Deep Space Station 41 is located on the northeastern shore of Island Lagoon. Looks amazing at sunrise and sunset, a large lake with a natural pyramid rising from it near the center. Glorious and wild. But as the sun floods the sky with light and you look at the water, it is still. A plain of salt. Deep Space Station 41 is spread from a slight depression up to the dome itself, protected from the searing winds of the surrounding deserts and the savage bite of the dry salt lake. Fifteen minutes to Woomera village. But, in reality so far from everywhere that you could be on the moon. Outside the temperature touches 120F. While there were razor wire and guards, no guards were needed, the sun is sufficient.
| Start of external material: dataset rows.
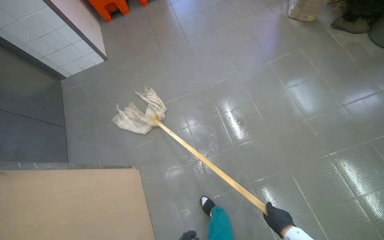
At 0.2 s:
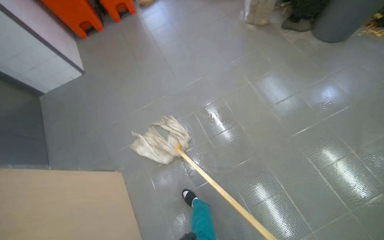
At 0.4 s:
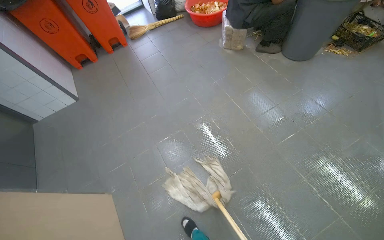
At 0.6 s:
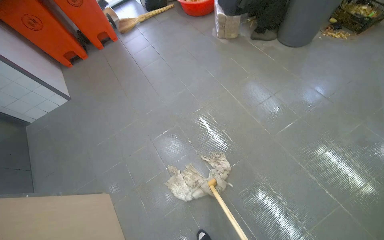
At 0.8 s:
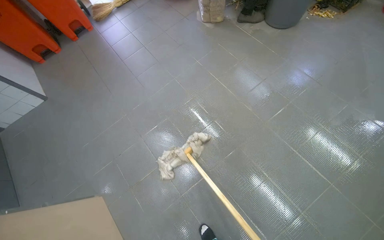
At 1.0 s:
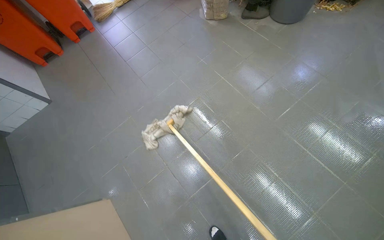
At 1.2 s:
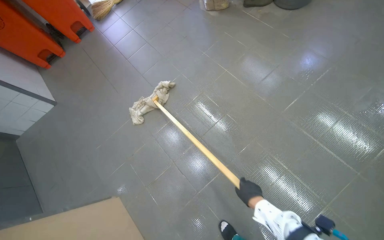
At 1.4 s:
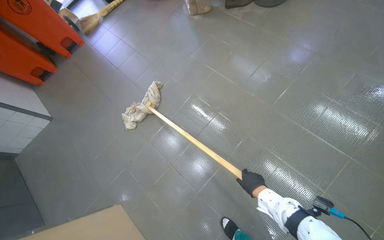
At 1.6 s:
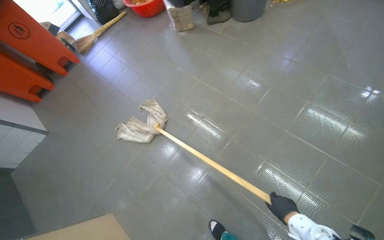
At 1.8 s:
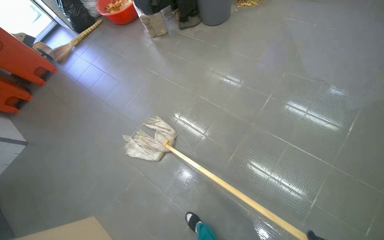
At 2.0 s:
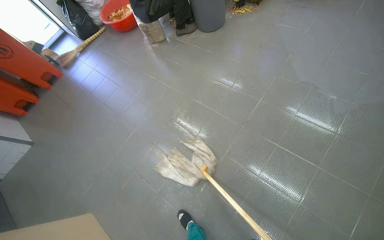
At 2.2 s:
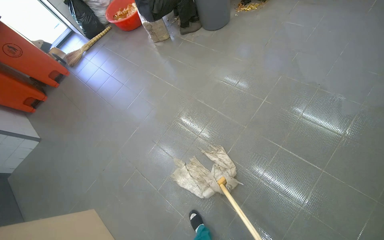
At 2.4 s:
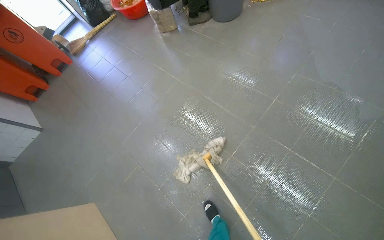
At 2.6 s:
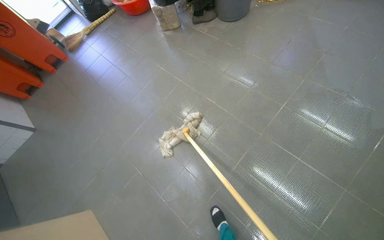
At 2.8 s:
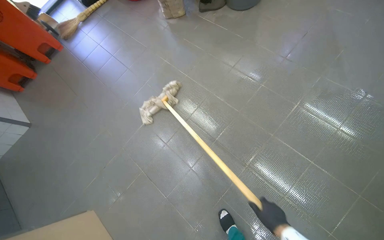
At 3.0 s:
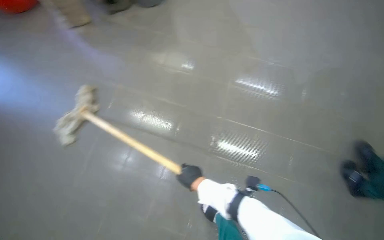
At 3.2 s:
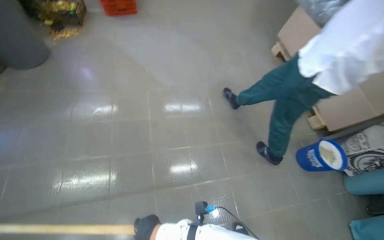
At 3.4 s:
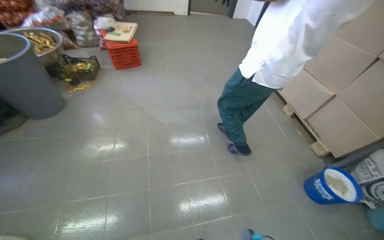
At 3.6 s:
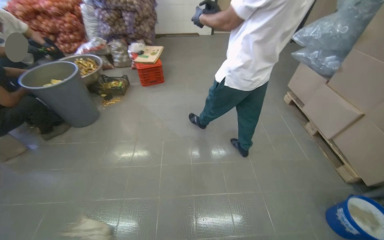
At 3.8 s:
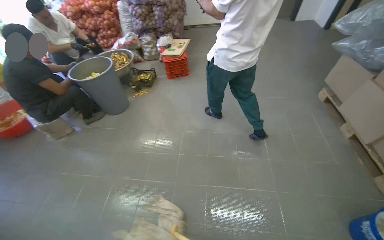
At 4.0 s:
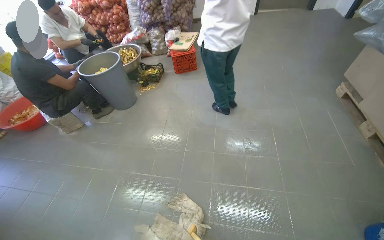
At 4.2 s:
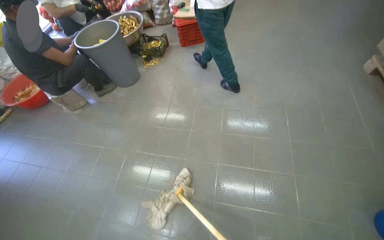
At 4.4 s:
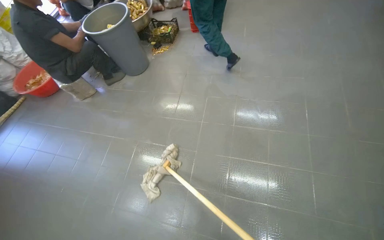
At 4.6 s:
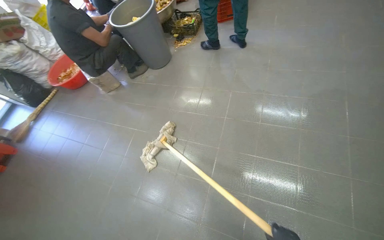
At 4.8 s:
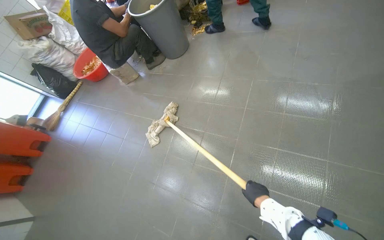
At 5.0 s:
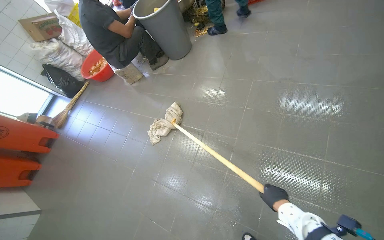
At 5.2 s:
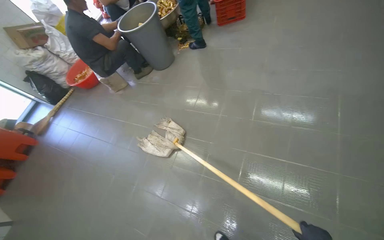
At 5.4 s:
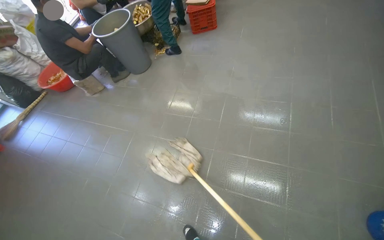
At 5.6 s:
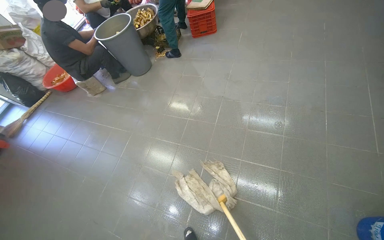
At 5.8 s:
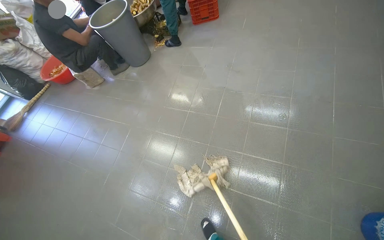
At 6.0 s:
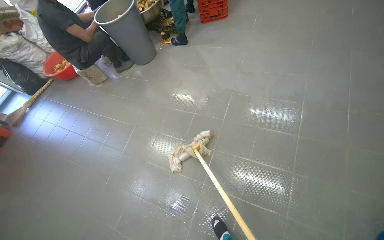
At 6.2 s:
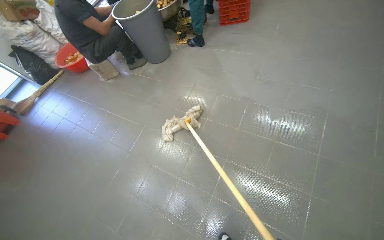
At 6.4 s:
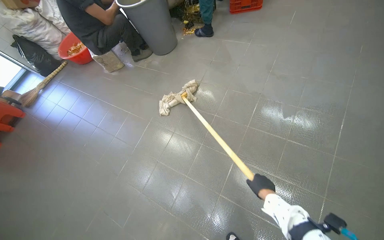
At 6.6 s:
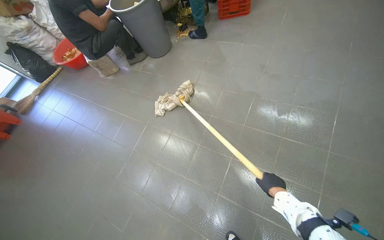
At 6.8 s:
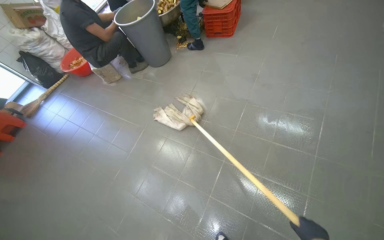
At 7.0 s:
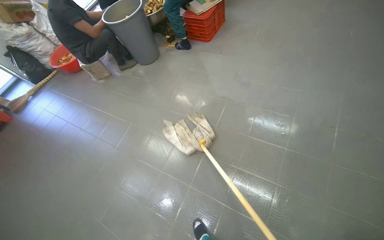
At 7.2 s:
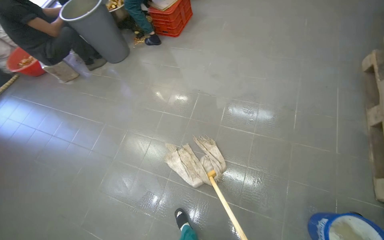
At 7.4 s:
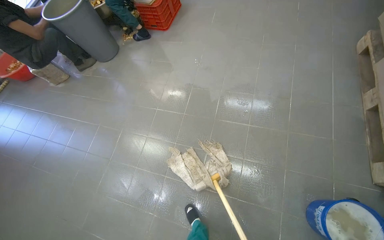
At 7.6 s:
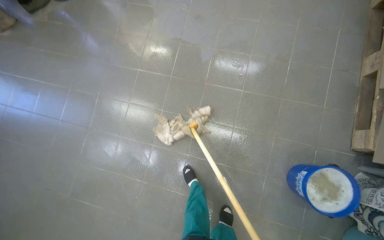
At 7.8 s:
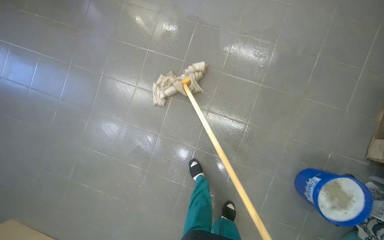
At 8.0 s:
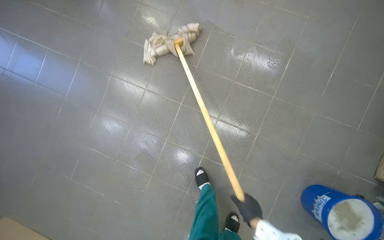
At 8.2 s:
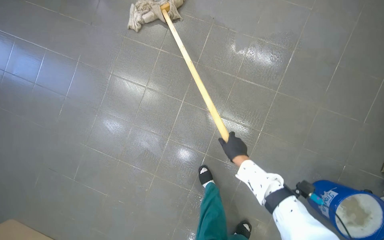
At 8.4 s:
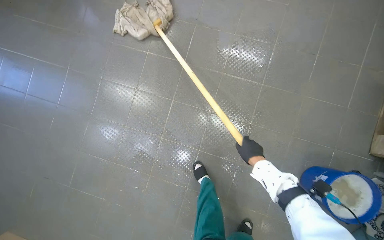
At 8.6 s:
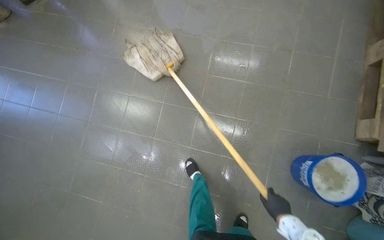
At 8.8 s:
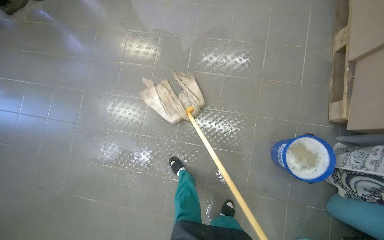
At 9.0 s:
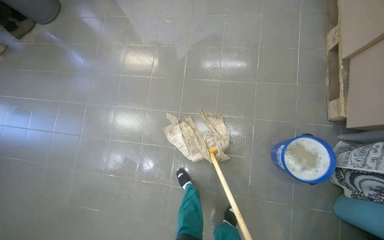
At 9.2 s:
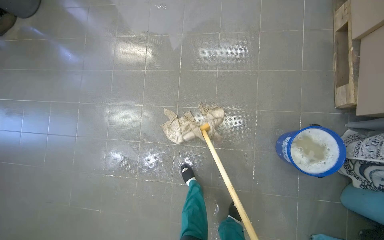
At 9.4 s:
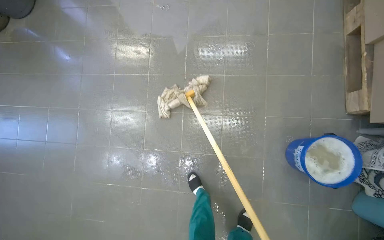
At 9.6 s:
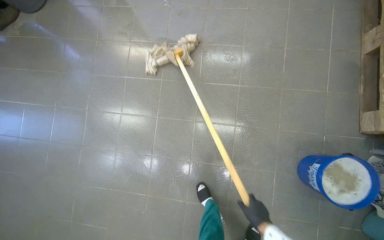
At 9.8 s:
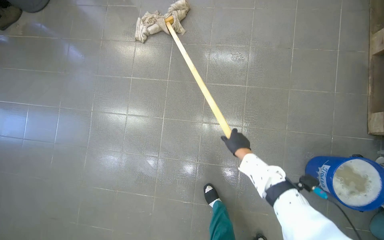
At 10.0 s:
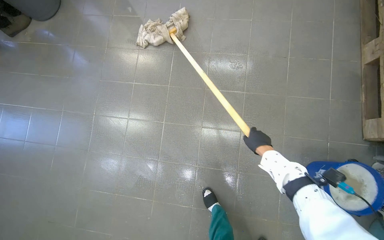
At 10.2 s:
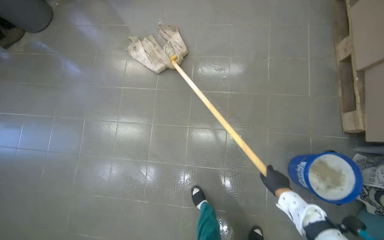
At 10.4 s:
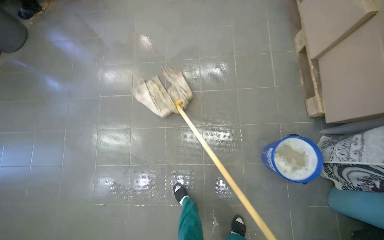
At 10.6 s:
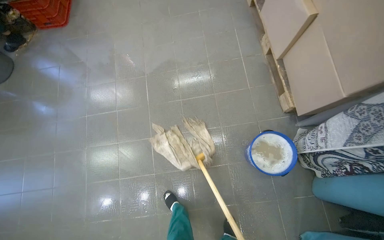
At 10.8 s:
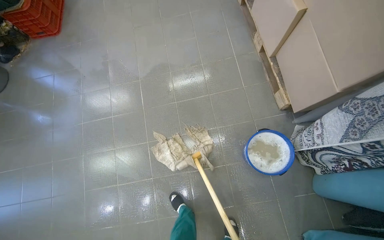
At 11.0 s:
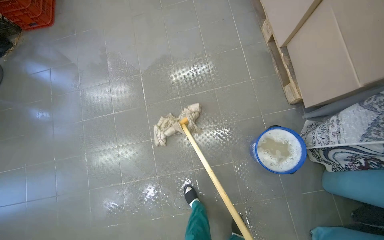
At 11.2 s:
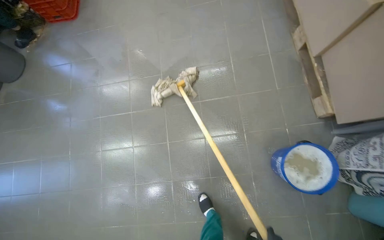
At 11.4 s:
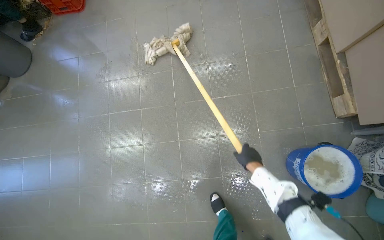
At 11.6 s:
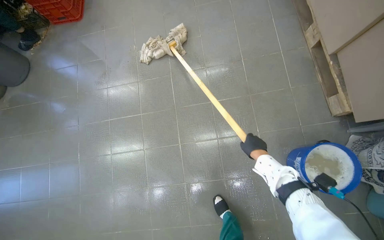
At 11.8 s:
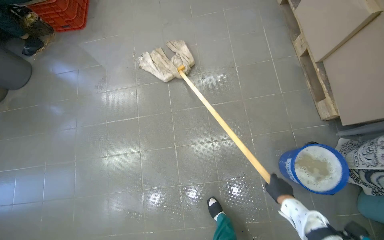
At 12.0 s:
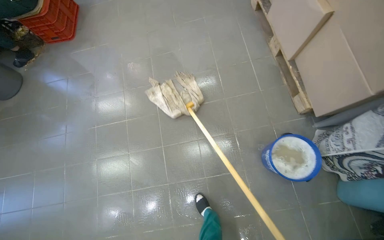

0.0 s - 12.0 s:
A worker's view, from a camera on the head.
Job: mopping floor.
The whole recording: Mopping kitchen floor. The worker mops the kitchen floor.
0.0 s - 1.6 s: The wearer moves to the right, roughly 40 cm. The scene turns about 30 degrees counterclockwise in the picture.
1.6 s - 3.0 s: The head rotates roughly 25 degrees to the right.
6.0 s - 7.6 s: The wearer looks approximately 15 degrees further downward.

Deep Space Station 41, Mission Control October 30, 1975

This time, I managed to break into the facility at just the right time.

I even saw them testing the first time transfers. Three launches and three successful recoveries. One of their senior test pilots, a naval bloke called Chas, was in the hot seat. At the facility, they called him Cannonball. A good name for someone they were shooting into the future.
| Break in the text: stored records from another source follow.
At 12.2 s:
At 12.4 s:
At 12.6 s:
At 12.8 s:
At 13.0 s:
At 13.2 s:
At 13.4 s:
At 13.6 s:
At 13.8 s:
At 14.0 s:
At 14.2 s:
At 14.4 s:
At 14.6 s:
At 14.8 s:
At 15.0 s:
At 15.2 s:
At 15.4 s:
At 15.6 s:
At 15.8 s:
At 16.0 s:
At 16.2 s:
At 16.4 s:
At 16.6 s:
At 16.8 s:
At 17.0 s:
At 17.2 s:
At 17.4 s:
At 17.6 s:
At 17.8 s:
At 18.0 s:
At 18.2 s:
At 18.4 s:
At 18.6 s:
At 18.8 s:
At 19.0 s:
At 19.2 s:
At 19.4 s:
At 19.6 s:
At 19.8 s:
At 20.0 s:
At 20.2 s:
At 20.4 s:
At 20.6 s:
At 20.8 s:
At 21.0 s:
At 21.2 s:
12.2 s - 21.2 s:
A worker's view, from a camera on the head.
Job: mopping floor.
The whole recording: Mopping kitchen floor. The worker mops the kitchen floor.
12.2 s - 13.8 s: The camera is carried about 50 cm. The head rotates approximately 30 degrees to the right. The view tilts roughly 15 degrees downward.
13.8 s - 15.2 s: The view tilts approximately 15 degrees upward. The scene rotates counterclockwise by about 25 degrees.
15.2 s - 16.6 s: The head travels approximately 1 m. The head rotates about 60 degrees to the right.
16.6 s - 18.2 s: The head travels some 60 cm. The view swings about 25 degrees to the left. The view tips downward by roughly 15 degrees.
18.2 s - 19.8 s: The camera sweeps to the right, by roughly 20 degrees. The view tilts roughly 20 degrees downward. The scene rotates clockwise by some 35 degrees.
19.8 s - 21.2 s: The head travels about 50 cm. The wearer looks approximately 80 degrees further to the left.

Just a little way into the future, for a couple of seconds each time. The Mission Controller, Benedict, would get all serious, and lots of people would bunker down for the countdown. Then Chas would walk to the time gate in a bulky space suit, look up and disappear. After a couple of seconds, they would pull him back. Each time his helmet was already off and his suit unbuttoned, and sweat would be dripping from his face. Then they would go into a debrief session, until the next launch.

I was crouching down below the blast wall, and could not hear. So I tried to get a bit closer, and that’s when I got nabbed. They took me to Benedict. He sat me down next to him and told me not to move and that he would deal with me later. They were all very excited, though, and I was not too worried because I now had a ring seat and I knew lots of the people around me. The fourth test was announced, this time a longer shot was planned, with more power. 

Then, I noticed Cannonball talking to technicians about a device around his neck. He took it off and put it on a console near me, replacing it with a second sitting there. While no one was watching, I had a good look at the one he put down. A heavy, dull circular device on a neck chain. It looked timeworn. Bare crystal, with the imprint of a hawk. Or something like a hawk. It had a recessed central area with a couple of toggles and two bright green lights. 

Of course, I put it on. You would have as well.

I was so caught up in the device I did not notice them moving into the next time shot. I was still looking at it when they started the time gate. Everything happened so fast. I was standing, some way from the time gate, but the gate shot an electric discharge at me and, suddenly, there were stars all around me.